- **Work item**
Your copy of the lines below must match them exactly and contain no images.

(Stored dataset items)
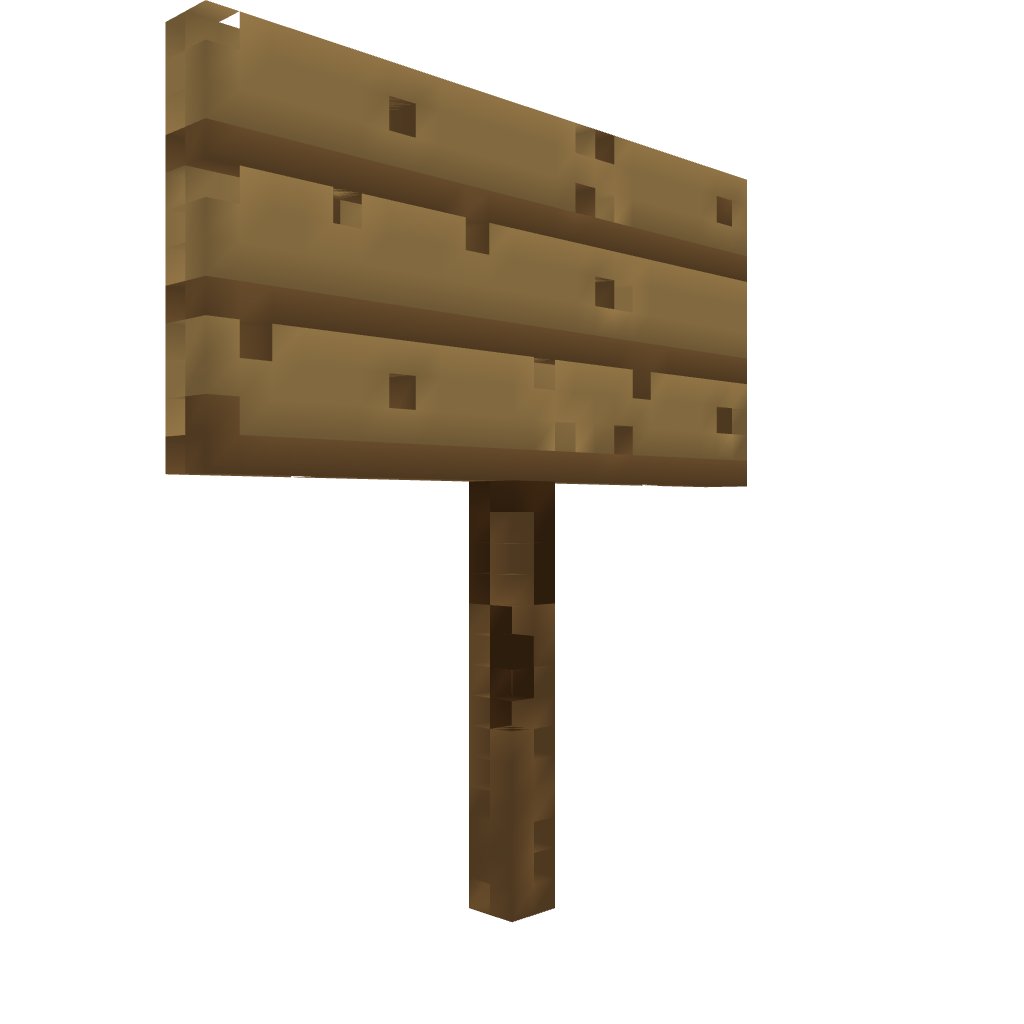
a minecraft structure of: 3D Lol Sign
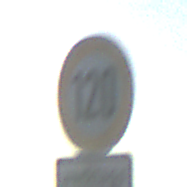
Verkehrszeichen: Geschwindigkeit120
Zusatzzeichen unten: ZeitangabenMitBeschraenkungAufWochentage7
Umgebung: Outdoor, Nature
Tageszeit: SunriseSunset
Wetter: PartlyCloudy
Licht: Natural
Jahreszeit: NotSpecified
Kontrast: HighContrast

- **Task answer**
a minecraft structure of: 3D Lol Sign
Verkehrszeichen: Geschwindigkeit120
Zusatzzeichen unten: ZeitangabenMitBeschraenkungAufWochentage7
Umgebung: Outdoor, Nature
Tageszeit: SunriseSunset
Wetter: PartlyCloudy
Licht: Natural
Jahreszeit: NotSpecified
Kontrast: HighContrast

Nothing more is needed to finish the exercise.